:: Records for this exercise
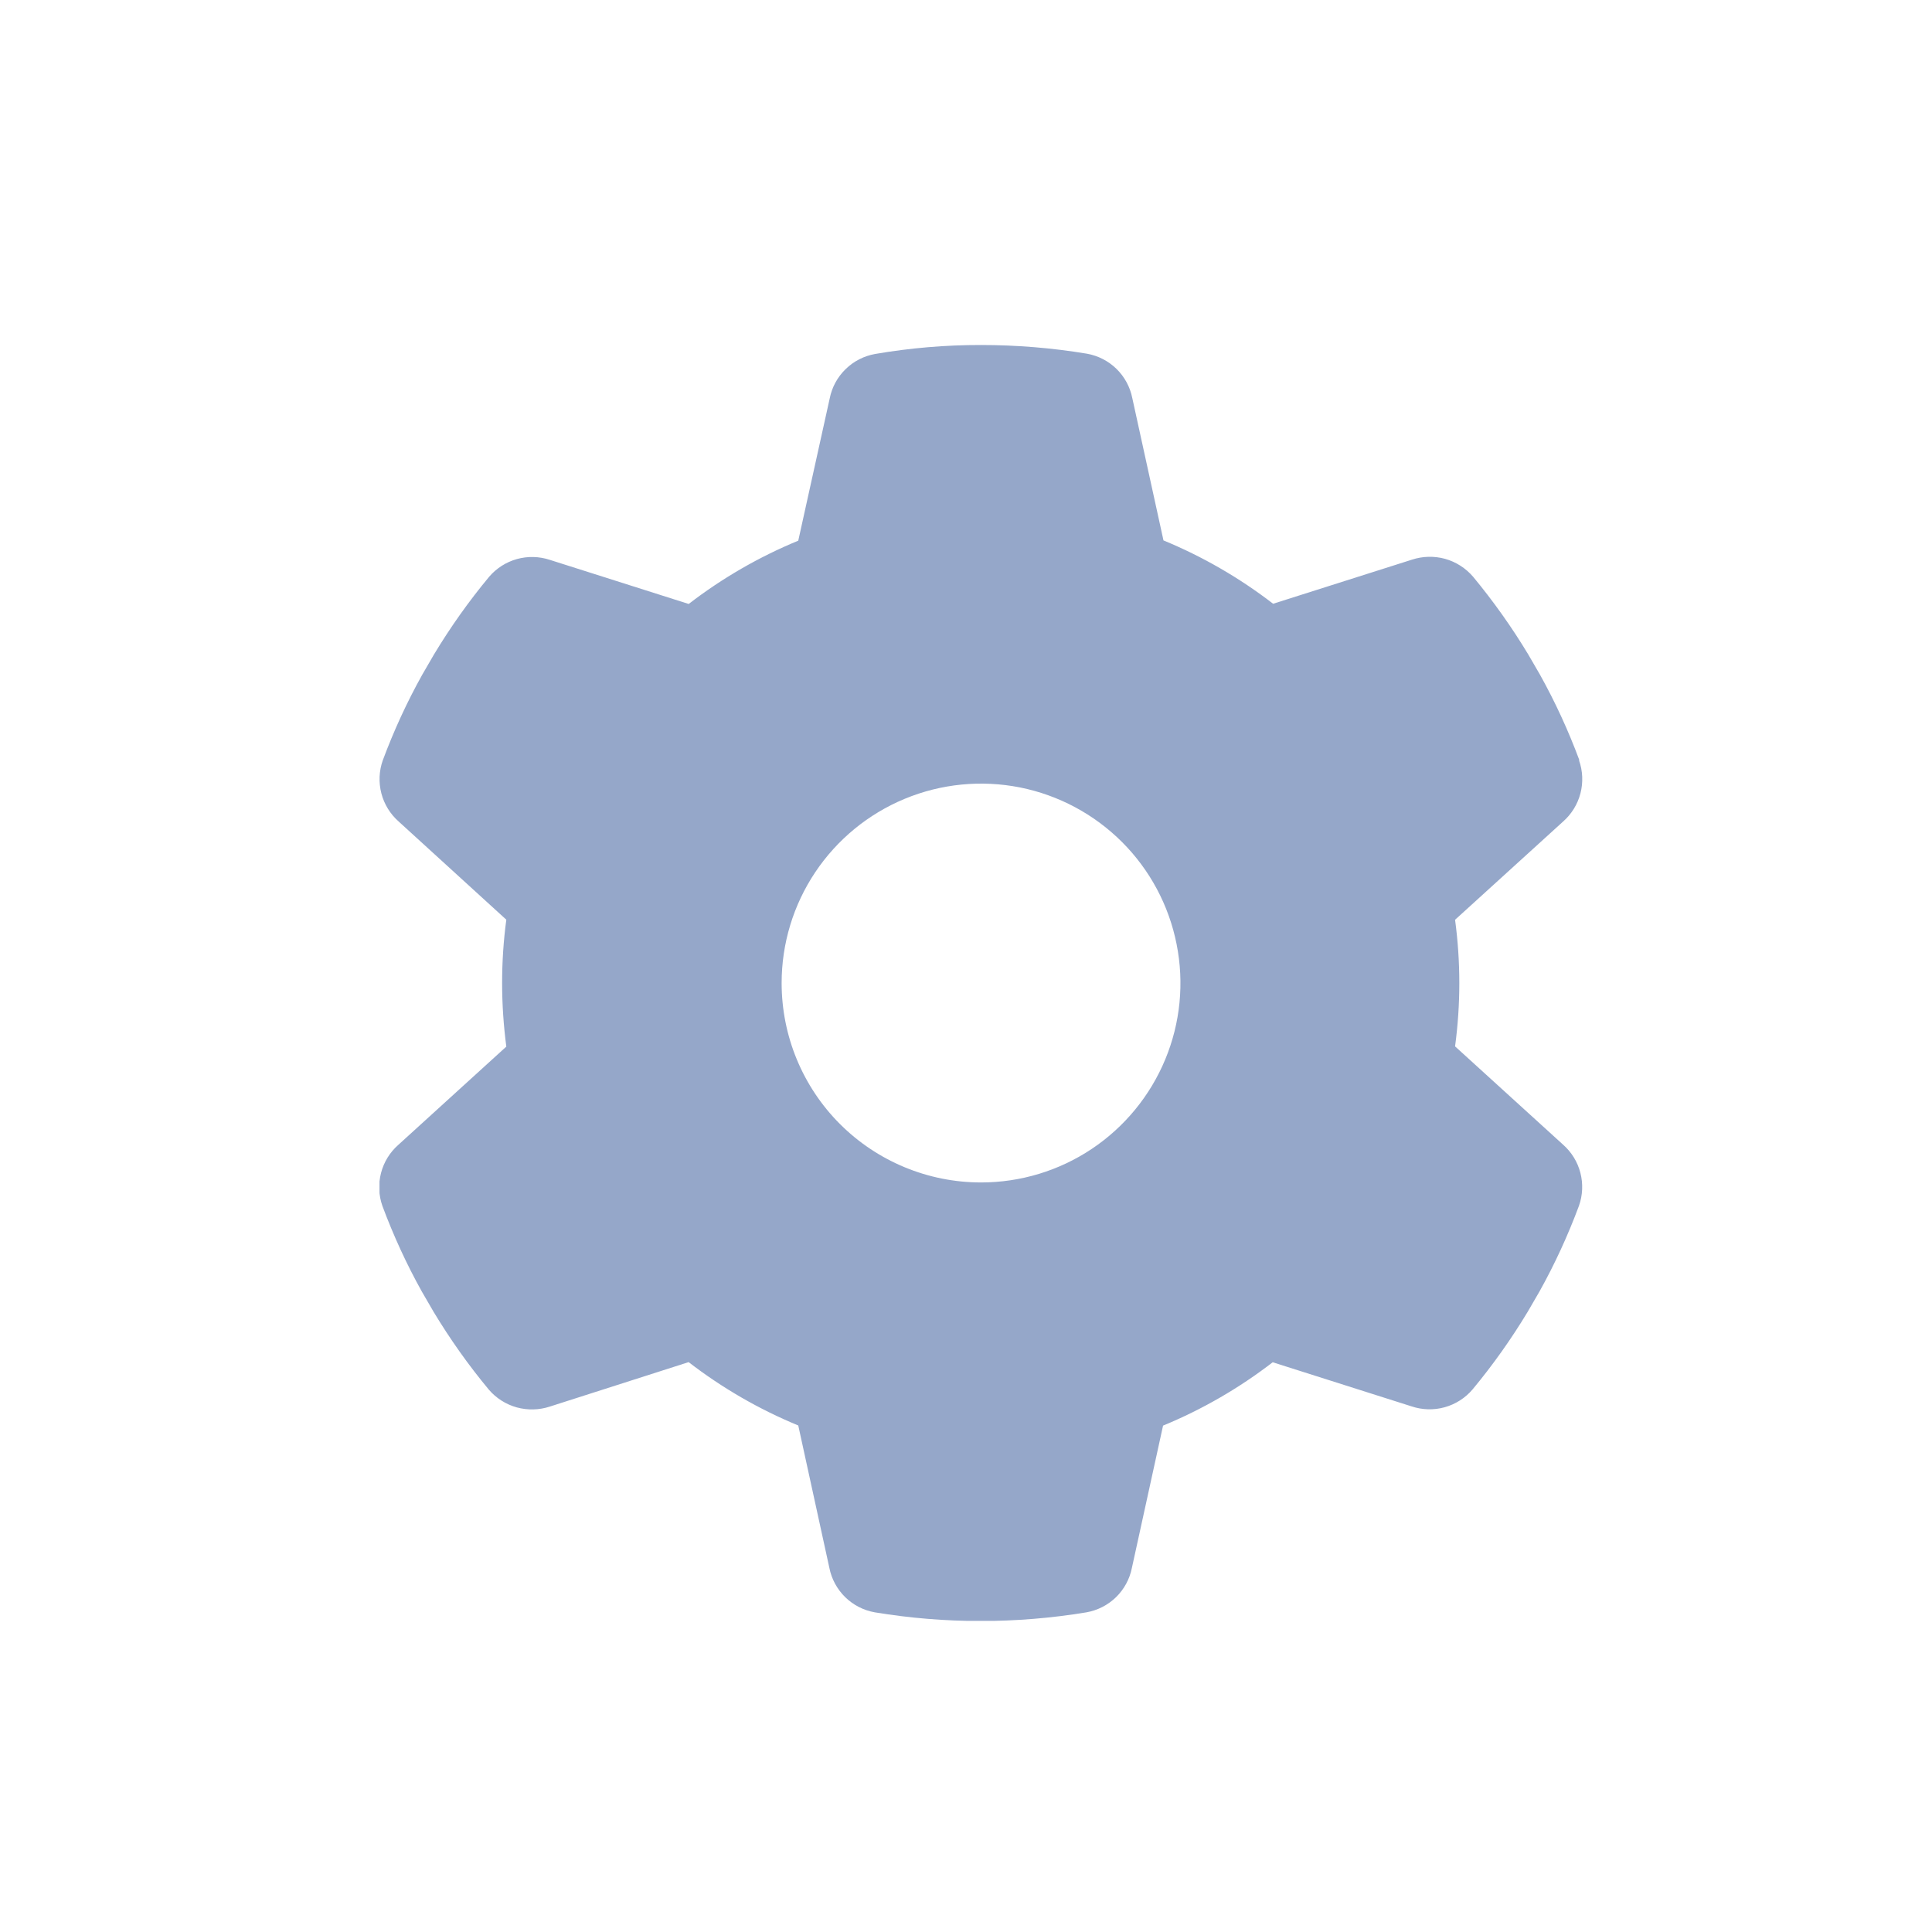 <svg width="28" height="28" viewBox="0 0 28 28" fill="none" xmlns="http://www.w3.org/2000/svg">
<g clip-path="url(#clip0_125_441)">
<g clip-path="url(#clip1_125_441)">
<path d="M22.884 11.018C22.939 11.172 22.946 11.339 22.905 11.498C22.864 11.656 22.776 11.799 22.653 11.907L21.088 13.33C21.17 13.939 21.17 14.556 21.088 15.165L22.652 16.588C22.775 16.696 22.863 16.838 22.904 16.997C22.945 17.155 22.938 17.323 22.883 17.477C22.724 17.904 22.534 18.318 22.312 18.716L22.142 19.009C21.904 19.404 21.637 19.781 21.342 20.136C21.236 20.261 21.095 20.351 20.937 20.395C20.779 20.439 20.612 20.434 20.457 20.382L18.445 19.743C17.958 20.118 17.424 20.427 16.856 20.661L16.404 22.724C16.372 22.885 16.292 23.032 16.175 23.147C16.057 23.262 15.908 23.338 15.747 23.367C14.731 23.535 13.693 23.535 12.677 23.367C12.515 23.338 12.367 23.262 12.249 23.147C12.132 23.032 12.052 22.885 12.02 22.724L11.569 20.659C11.001 20.425 10.467 20.116 9.98 19.741L7.969 20.385C7.814 20.436 7.647 20.44 7.489 20.397C7.331 20.353 7.19 20.263 7.084 20.139C6.789 19.784 6.522 19.407 6.284 19.012L6.114 18.719C5.892 18.321 5.702 17.907 5.543 17.48C5.488 17.326 5.481 17.159 5.522 17C5.563 16.841 5.651 16.699 5.774 16.591L7.338 15.168C7.298 14.863 7.277 14.555 7.277 14.247C7.277 13.94 7.297 13.633 7.338 13.329L5.779 11.907C5.656 11.799 5.568 11.656 5.527 11.498C5.486 11.339 5.493 11.172 5.548 11.018C5.707 10.591 5.897 10.177 6.119 9.779L6.289 9.486C6.527 9.091 6.794 8.714 7.089 8.359C7.195 8.235 7.335 8.146 7.492 8.102C7.648 8.059 7.815 8.063 7.969 8.114L9.981 8.753C10.467 8.379 11.001 8.07 11.569 7.836L12.025 5.773C12.057 5.612 12.137 5.465 12.255 5.35C12.372 5.235 12.521 5.159 12.683 5.13C13.19 5.043 13.704 4.999 14.218 5C14.732 5 15.246 5.042 15.753 5.126C15.914 5.155 16.063 5.231 16.181 5.346C16.298 5.461 16.378 5.608 16.41 5.769L16.862 7.832C17.43 8.066 17.964 8.375 18.451 8.75L20.463 8.111C20.618 8.06 20.785 8.056 20.943 8.099C21.1 8.143 21.241 8.233 21.348 8.357C21.642 8.712 21.91 9.089 22.148 9.484L22.318 9.777C22.54 10.175 22.73 10.589 22.889 11.016L22.884 11.018ZM14.218 17.137C14.79 17.137 15.348 16.968 15.824 16.65C16.299 16.332 16.669 15.881 16.888 15.353C17.107 14.825 17.164 14.244 17.052 13.683C16.941 13.123 16.666 12.608 16.262 12.204C15.857 11.799 15.342 11.524 14.782 11.412C14.221 11.301 13.64 11.358 13.112 11.577C12.584 11.796 12.133 12.166 11.815 12.641C11.497 13.117 11.328 13.675 11.328 14.247C11.328 15.014 11.632 15.749 12.174 16.291C12.716 16.832 13.451 17.137 14.218 17.137Z" fill="#95A7C9"/>
</g>
</g>
<defs>
<clipPath id="clip0_125_441">
<rect width="28" height="28" fill="white"/>
</clipPath>
<clipPath id="clip1_125_441">
<rect width="17.432" height="18.491" fill="white" transform="translate(5.5 5)"/>
</clipPath>
</defs>
</svg>
::::
■ Your instructions: Find all lines holding the word "clipPath" in the records above and copy them.

■ Written response:
<clipPath id="clip0_125_441">
</clipPath>
<clipPath id="clip1_125_441">
</clipPath>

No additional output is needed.